E à medida que ia fazendo o trabalho ia falando de si, da sua vida, do neto,
etc., conversando e trabalhando, o tempo ia passando. Ao fim de uma hora de
trabalho o estore de novo no lugar certo e a funcionar como devia. Tudo voltava
ao normal, para meu grande alívio. Essa noite mesmo eu já não teria que ficar
no escuro. De manhã quando acordasse teria o enorme privilégio de ver a luz
abençoada. A luz da vida, da energia, do princípio e do fim de tudo.
Já na
ponta final, o sr. Filipe deu um rumo um pouco diferente à conversa e começou a
falar do Covid, confessando-me que já tinha sido contaminado, tendo estado
muito mal. Por isso não tencionava ter mais vez nenhuma. Agora tomava todos os
cuidados e mais alguns. E continuando a conversa confidenciou-me que não
aceitava qualquer trabalho. Falava só ele. Eu limitava-me a escutá-lo. Então…

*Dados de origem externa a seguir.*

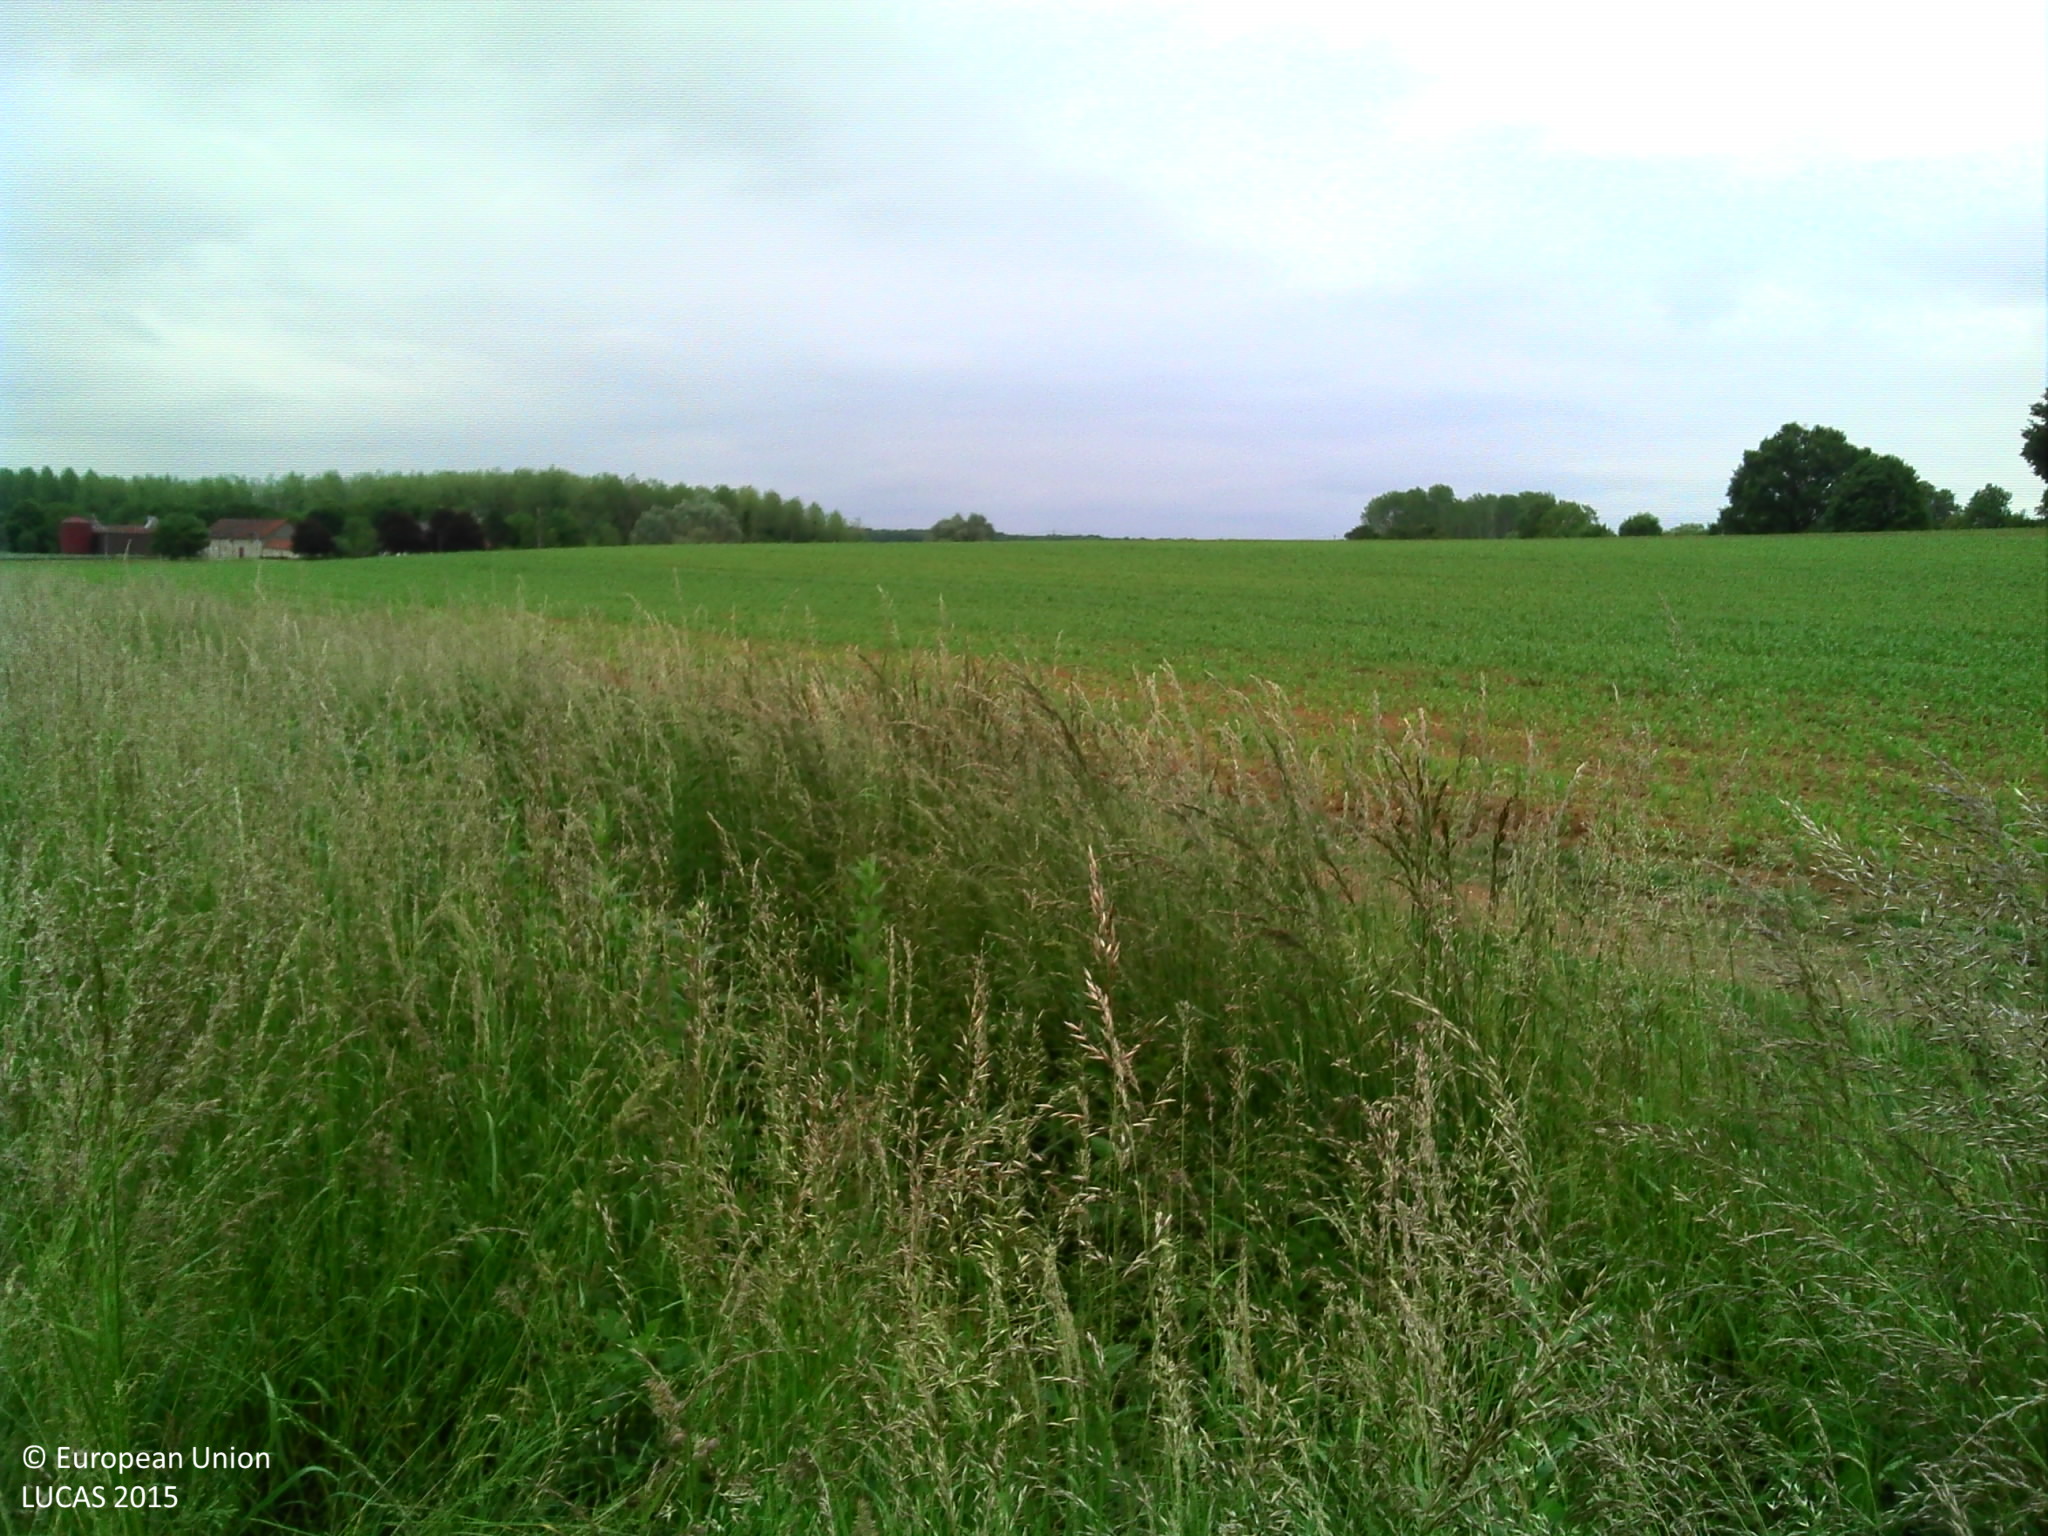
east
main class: Grassland
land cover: Grassland without tree/shrub cover
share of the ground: > 75 %
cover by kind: herbaceous plants 100 %
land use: Agriculture (excluding fallow land and kitchen gardens)
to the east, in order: Grassland without tree/shrub cover; Ditches and canals; Tracks; Maize
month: May
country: FR
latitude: 47.1463
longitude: 2.9134
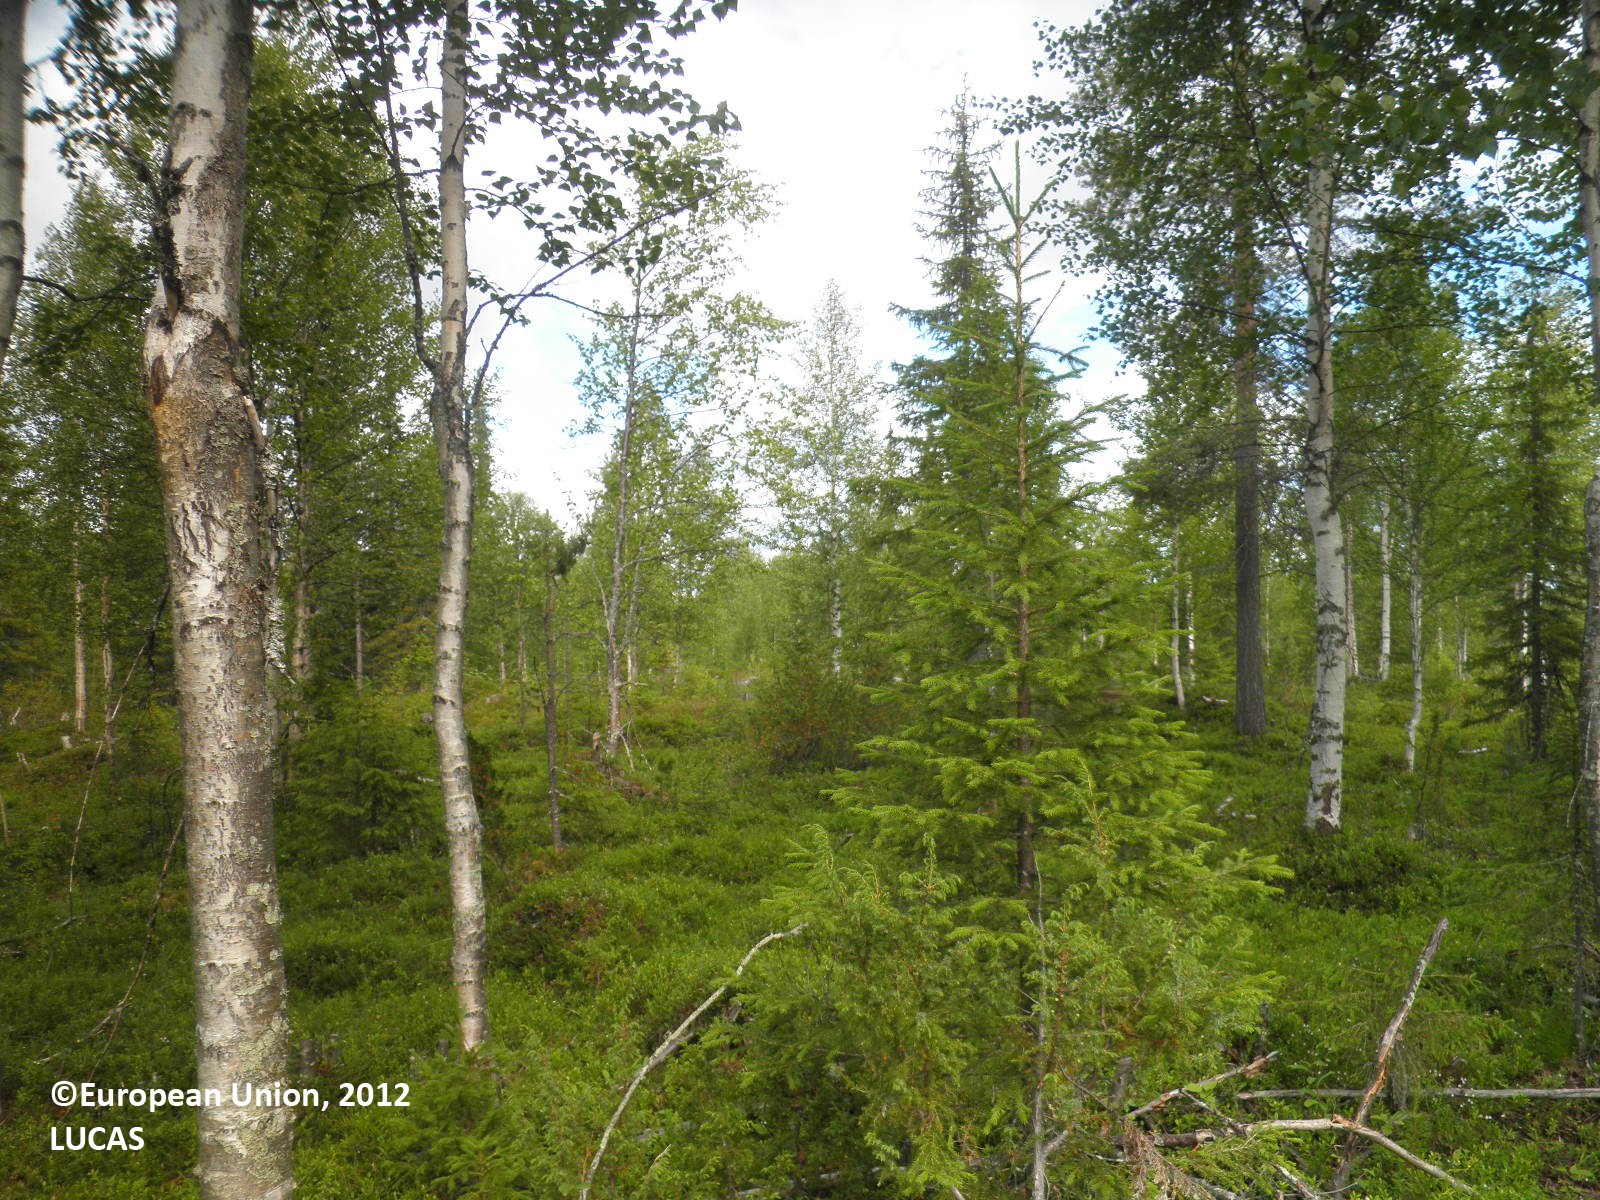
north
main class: Woodland
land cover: Broadleaved woodland
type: boreal forest
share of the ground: 50 - 75 %
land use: Forestry
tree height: > 5 m
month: July
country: FI
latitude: 67.6860
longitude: 26.1322

não aceitava qualquer trabalho. Primeiro ia ver. Se a casa não fosse
suficientemente arejada e aberta, ele não aceitava. E olhava para mim com o
olhar bem fixo nos meus olhos para eu saber que desta vez ele estava a dizer a
verdade. Percebi imediatamente que estava certa quando anteriormente ele me disse
que eu não lhe tinha dito que a fita estava partida, o que não fazia o menor
sentido. Agora sim, as coisas encaixavam. Claro que ele tinha ido de manhã só
para ver. Ele sabia de antemão que não faria o trabalho naquele momento, por
isso invocou a desculpa da fita, dizendo que eu não lhe tinha dito. Ele sabia
que estava a mentir e que eu percebi que ele estava a mentir. Mas agora as
coisas estavam explicadas.
Ele terminou,
paguei o trabalho dele, agradeci muito e foi-se.
Quando
as pessoas mentem, normalmente só contam com elas. E acham que a pessoa para
quem se dirigem apenas capta a mensagem falada, a mensagem oral. Por trás da
mentira há a verdade. Uma coisa é o que se diz e outra é o que é e o que é tem
uma força completa, muito mais poderosa do que a mentira. Digamos que a mentira
é a casca da laranja ou do fruto e a verdade é o fruto. Da mesma maneira que
aquilo que se vê nem sempre corresponde ao que é real. Por vezes há uma outra
realidade que se esconde. Quando os sentidos trabalham todos para o mesmo fim,
um sexto sentido comanda tudo e todos os outros lhe obedecem, por assim dizer.
Esta história
do sr. Filipe não tem a menor importância. Não é relevante. Mas é apenas um
exemplo do que pode ser uma mentira e da repercussão que ela pode ter. Aqui não
se trata de um julgamento. Não é essa a questão. Não é a mentira como o mal e a
verdade como o bem. Não é por aí. Até porque há mentiras que se justificam. O que
está em causa é muito mais do que isso, é a perspetiva holística, ou seja, é quando o todo é maior
do que a soma das partes. A verdade está aí. Não importa as palavras que são
ditas. A verdade está antes e depois. A verdade está impressa e tem uma força
que as palavras não têm, sejam elas quais forem.